Released on 1999/12/01 for Rift.
Introduction
This is a small tutorial on how to use soft-ice the debugger and what to do with it.
I have worked with soft-ice for a while now and with only knowing the basics of it I
have found it useful for my requirements. This will be part one of two, due to
having little time this part will be small and will include two examples but will
cover all the basics to getting started, part two will be more advanced and with a
lot more examples from dos to windows, so be sure to get a copy of part two as soon
as it is available.
Requirements
This is a tutorial on soft-ice so to use what I show here and to fully understand
what is going on here you MUST defiantly get a copy of it. I use soft-ice v3.0 for
windows.

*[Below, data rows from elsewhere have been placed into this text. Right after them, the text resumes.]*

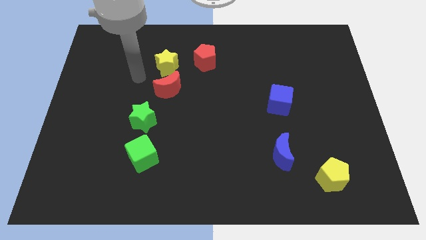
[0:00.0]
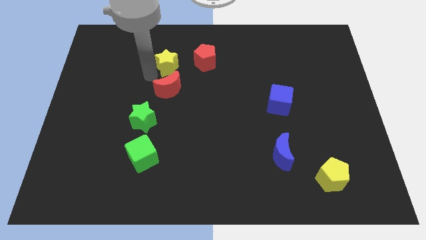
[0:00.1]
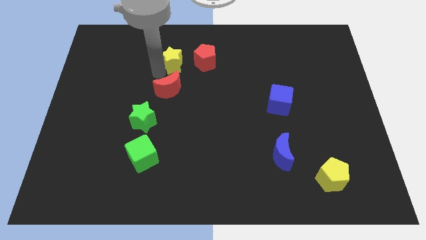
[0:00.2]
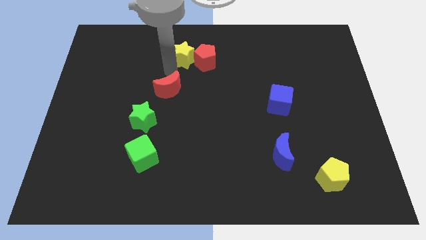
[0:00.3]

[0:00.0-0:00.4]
pull the red moon apart from the yellow star

It's a old version but if you have a newer version these examples and
methods should defiantly work with it. *** SOME assembler knowledge *** is required
for ex. if you know how most of the jxx opcodes work and what the flags are and how
they work and have knowledge on segments and offsets you should get along fine. A
hex editor is a must if you want to test your modifications or if you want to
implement them permanently. I use Hex Workshop, which comes with a hex calculator
and a base converter.
Disclaimer
Well considering the fact that there are examples of how to illegally de-protect
software I think I MUST put this here. I take no responsibility for what anybody's
actions after they have read this tutorial and will deny every accusation that these
"cracks" are mine for the reason they where created by a coder who was tripping on
coffee and suffering from fatigue - hence I plead temporarelly insanity ...
Greets
Greets go to every one in #programming on the new zanet and the SA demo scene.
Contact Info
You can get hold of me at:coldblood@mailbox.co.za or in #programming on the new
zanet server (timewiz.zanet.net). Feedback would be very very helpfull in making
my mind up if i should even make an Part 2.
Soft-Ice. Soft-Ice, reader. (Now shake hands)

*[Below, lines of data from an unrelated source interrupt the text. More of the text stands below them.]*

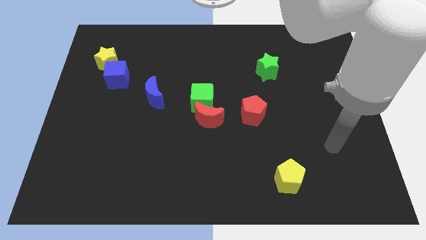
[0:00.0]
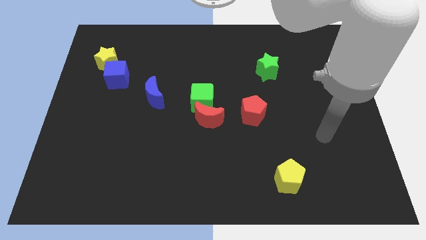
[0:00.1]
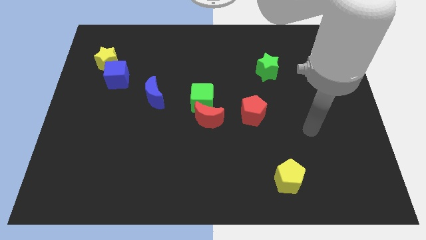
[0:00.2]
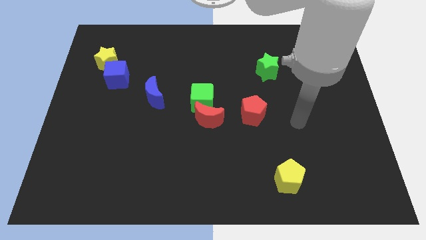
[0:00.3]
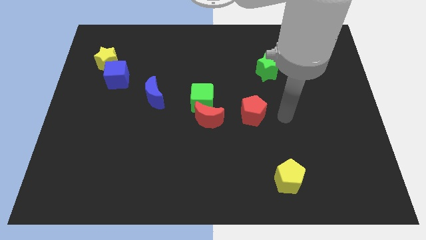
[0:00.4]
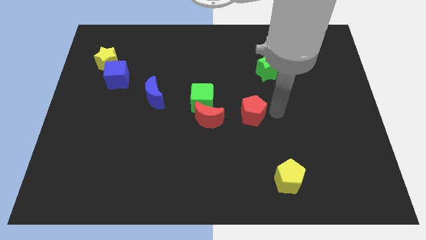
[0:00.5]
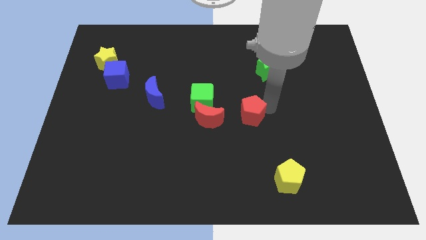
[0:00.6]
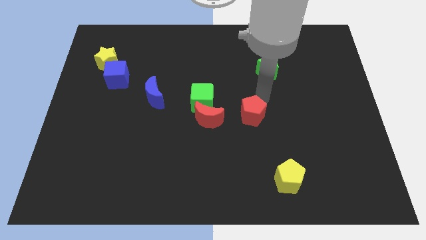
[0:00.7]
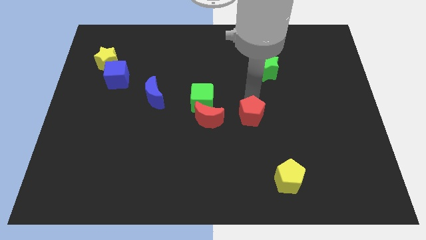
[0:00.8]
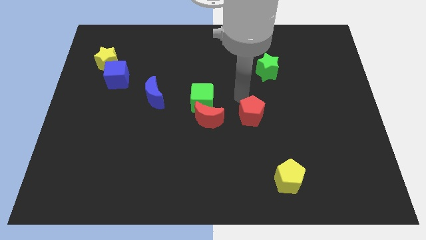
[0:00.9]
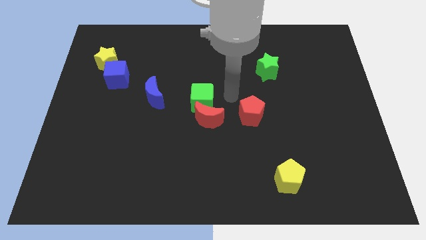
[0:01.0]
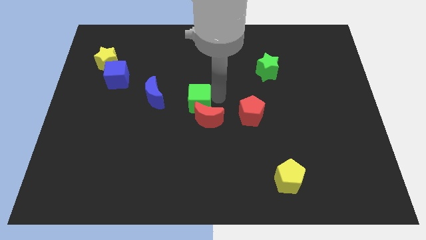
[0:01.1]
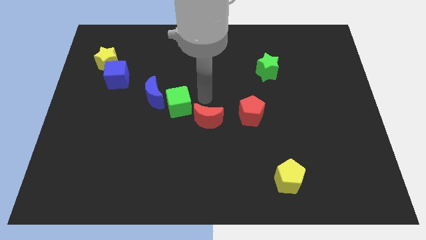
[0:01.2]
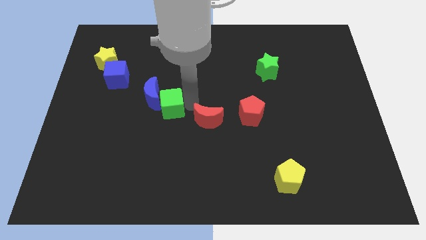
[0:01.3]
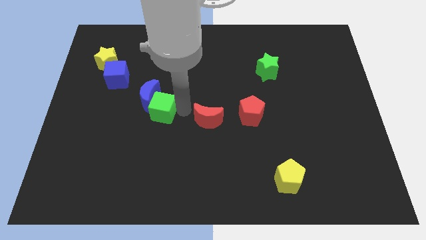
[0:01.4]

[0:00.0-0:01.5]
separate the red moon from the green cube

I have a monochrome monitor attached to my system which soft-ice outputs to, this
makes using soft-ice 100% easier and more user friendly to your system. I DEFIANTLY
recommend that you get a monochrome monitor if you want to seriously start using
soft-ice. Soft-ice can also display to your current screen just make sure you select
the correct settings and test it. Make sure your mouse WORKS in soft-ice or else you
are *going* to struggle unecaserely.
Here are a few Keys you can use in soft-ice:
F1 : Brings up a description of all the keys and avalible commands
F2 : Toggles Register Window
F4 : Restores program screen
F5 : Return to program
F6 : Go to code window
F8 : Step through the instructions and calls
F10 : Step through the instructions
F12 : The most power instruction of soft-ice
CTRL+D : This is the key command that places you into soft-ice
Note each key is changeable you can even set up new keys, each key executes an soft-ice
instruction specified.
To use soft-ice to your coding and other needs there are only a few commands u need to know:
a : This is the assemble instruction. You use it to enter assembler instructions into a
certain segment:offset.
Usage:a address
Ex. if you want to put a ADD AX,AX instruction at 0030:0010 you would
type: a 0030:10
now you can enter the assembler instruction ADD AX,AX and hit enter NOTE
after you hit enter you are STILL in assembler mode to stop it just hit
enter again.
bl : This command lists all the current break point. If a break point is
disabled then it will have a * after its number.
Usage:bl
bc : This command clears all break points or a specific break point.
Usage:bc [NR|*]
NR - this is the number of a break point wich to be cleared, you can get a
number of a break point with the bl command
* - this will clear ALL the break points
bd : This disables all break points or a specific break point.
Usage:bd [NR|*]
NR - this will disable the break point specified by this value
* - this will disable all the break points
bpr : This command places a break point on a memory range that you specify.
Usage:bpr address1 address2 [R|W|RW]
address1/2 - is a segment:offset
R - break if it reads from the range
W - break if it writes to the range
RW - break if it reads or writes from/to the range
now your memory range is from address1 to address2 and a brake will occur
as soon as something tries to read/write to the specified range, depending
on what option you selected.
s : This is the SEARCH command, used to find data.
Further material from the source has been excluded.